--- EXERCISE INPUT ---

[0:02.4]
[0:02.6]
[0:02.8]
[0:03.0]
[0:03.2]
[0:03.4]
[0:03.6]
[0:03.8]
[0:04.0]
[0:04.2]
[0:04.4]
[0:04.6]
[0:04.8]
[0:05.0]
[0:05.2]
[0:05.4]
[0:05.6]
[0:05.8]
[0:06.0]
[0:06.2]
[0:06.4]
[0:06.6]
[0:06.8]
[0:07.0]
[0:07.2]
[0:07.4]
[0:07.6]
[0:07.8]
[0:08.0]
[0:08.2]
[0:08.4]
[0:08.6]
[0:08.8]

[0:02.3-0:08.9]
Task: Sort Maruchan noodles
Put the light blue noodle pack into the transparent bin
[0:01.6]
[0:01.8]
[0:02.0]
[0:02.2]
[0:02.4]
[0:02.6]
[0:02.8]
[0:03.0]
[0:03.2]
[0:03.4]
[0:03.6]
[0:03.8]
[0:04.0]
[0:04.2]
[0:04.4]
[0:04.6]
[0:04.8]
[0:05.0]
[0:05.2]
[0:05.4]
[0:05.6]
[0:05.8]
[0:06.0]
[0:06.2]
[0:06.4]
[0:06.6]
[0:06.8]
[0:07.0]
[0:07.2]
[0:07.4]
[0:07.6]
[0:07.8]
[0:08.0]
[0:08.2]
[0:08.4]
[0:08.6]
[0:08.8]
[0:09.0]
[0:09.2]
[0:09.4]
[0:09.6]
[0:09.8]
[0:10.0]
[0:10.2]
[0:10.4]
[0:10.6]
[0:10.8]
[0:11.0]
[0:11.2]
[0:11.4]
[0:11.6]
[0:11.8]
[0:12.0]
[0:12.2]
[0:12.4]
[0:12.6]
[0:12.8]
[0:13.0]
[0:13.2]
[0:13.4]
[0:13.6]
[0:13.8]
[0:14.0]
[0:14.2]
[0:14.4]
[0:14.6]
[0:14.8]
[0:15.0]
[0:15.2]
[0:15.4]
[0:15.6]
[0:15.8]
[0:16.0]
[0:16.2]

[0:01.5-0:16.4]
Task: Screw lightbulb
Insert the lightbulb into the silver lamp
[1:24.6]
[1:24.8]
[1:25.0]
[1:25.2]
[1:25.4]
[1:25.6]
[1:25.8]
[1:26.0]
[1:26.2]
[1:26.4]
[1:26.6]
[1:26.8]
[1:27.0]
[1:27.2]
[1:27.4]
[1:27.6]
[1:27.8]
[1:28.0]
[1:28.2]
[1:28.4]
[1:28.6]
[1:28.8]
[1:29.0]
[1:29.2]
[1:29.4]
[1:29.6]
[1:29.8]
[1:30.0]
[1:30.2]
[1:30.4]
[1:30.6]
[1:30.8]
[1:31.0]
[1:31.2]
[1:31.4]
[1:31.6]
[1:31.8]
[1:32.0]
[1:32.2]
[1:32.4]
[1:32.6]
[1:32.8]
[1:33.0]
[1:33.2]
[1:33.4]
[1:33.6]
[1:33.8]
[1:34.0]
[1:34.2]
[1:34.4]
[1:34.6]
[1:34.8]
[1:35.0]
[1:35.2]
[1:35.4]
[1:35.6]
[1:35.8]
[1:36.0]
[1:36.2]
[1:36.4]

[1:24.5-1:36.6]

---

TASK INSTRUCTIONS:
Copy out the whole listing, exactly as written.

PROBLEM SOLUTION:
[0:02.4]
[0:02.6]
[0:02.8]
[0:03.0]
[0:03.2]
[0:03.4]
[0:03.6]
[0:03.8]
[0:04.0]
[0:04.2]
[0:04.4]
[0:04.6]
[0:04.8]
[0:05.0]
[0:05.2]
[0:05.4]
[0:05.6]
[0:05.8]
[0:06.0]
[0:06.2]
[0:06.4]
[0:06.6]
[0:06.8]
[0:07.0]
[0:07.2]
[0:07.4]
[0:07.6]
[0:07.8]
[0:08.0]
[0:08.2]
[0:08.4]
[0:08.6]
[0:08.8]

[0:02.3-0:08.9]
Task: Sort Maruchan noodles
Put the light blue noodle pack into the transparent bin
[0:01.6]
[0:01.8]
[0:02.0]
[0:02.2]
[0:02.4]
[0:02.6]
[0:02.8]
[0:03.0]
[0:03.2]
[0:03.4]
[0:03.6]
[0:03.8]
[0:04.0]
[0:04.2]
[0:04.4]
[0:04.6]
[0:04.8]
[0:05.0]
[0:05.2]
[0:05.4]
[0:05.6]
[0:05.8]
[0:06.0]
[0:06.2]
[0:06.4]
[0:06.6]
[0:06.8]
[0:07.0]
[0:07.2]
[0:07.4]
[0:07.6]
[0:07.8]
[0:08.0]
[0:08.2]
[0:08.4]
[0:08.6]
[0:08.8]
[0:09.0]
[0:09.2]
[0:09.4]
[0:09.6]
[0:09.8]
[0:10.0]
[0:10.2]
[0:10.4]
[0:10.6]
[0:10.8]
[0:11.0]
[0:11.2]
[0:11.4]
[0:11.6]
[0:11.8]
[0:12.0]
[0:12.2]
[0:12.4]
[0:12.6]
[0:12.8]
[0:13.0]
[0:13.2]
[0:13.4]
[0:13.6]
[0:13.8]
[0:14.0]
[0:14.2]
[0:14.4]
[0:14.6]
[0:14.8]
[0:15.0]
[0:15.2]
[0:15.4]
[0:15.6]
[0:15.8]
[0:16.0]
[0:16.2]

[0:01.5-0:16.4]
Task: Screw lightbulb
Insert the lightbulb into the silver lamp
[1:24.6]
[1:24.8]
[1:25.0]
[1:25.2]
[1:25.4]
[1:25.6]
[1:25.8]
[1:26.0]
[1:26.2]
[1:26.4]
[1:26.6]
[1:26.8]
[1:27.0]
[1:27.2]
[1:27.4]
[1:27.6]
[1:27.8]
[1:28.0]
[1:28.2]
[1:28.4]
[1:28.6]
[1:28.8]
[1:29.0]
[1:29.2]
[1:29.4]
[1:29.6]
[1:29.8]
[1:30.0]
[1:30.2]
[1:30.4]
[1:30.6]
[1:30.8]
[1:31.0]
[1:31.2]
[1:31.4]
[1:31.6]
[1:31.8]
[1:32.0]
[1:32.2]
[1:32.4]
[1:32.6]
[1:32.8]
[1:33.0]
[1:33.2]
[1:33.4]
[1:33.6]
[1:33.8]
[1:34.0]
[1:34.2]
[1:34.4]
[1:34.6]
[1:34.8]
[1:35.0]
[1:35.2]
[1:35.4]
[1:35.6]
[1:35.8]
[1:36.0]
[1:36.2]
[1:36.4]

[1:24.5-1:36.6]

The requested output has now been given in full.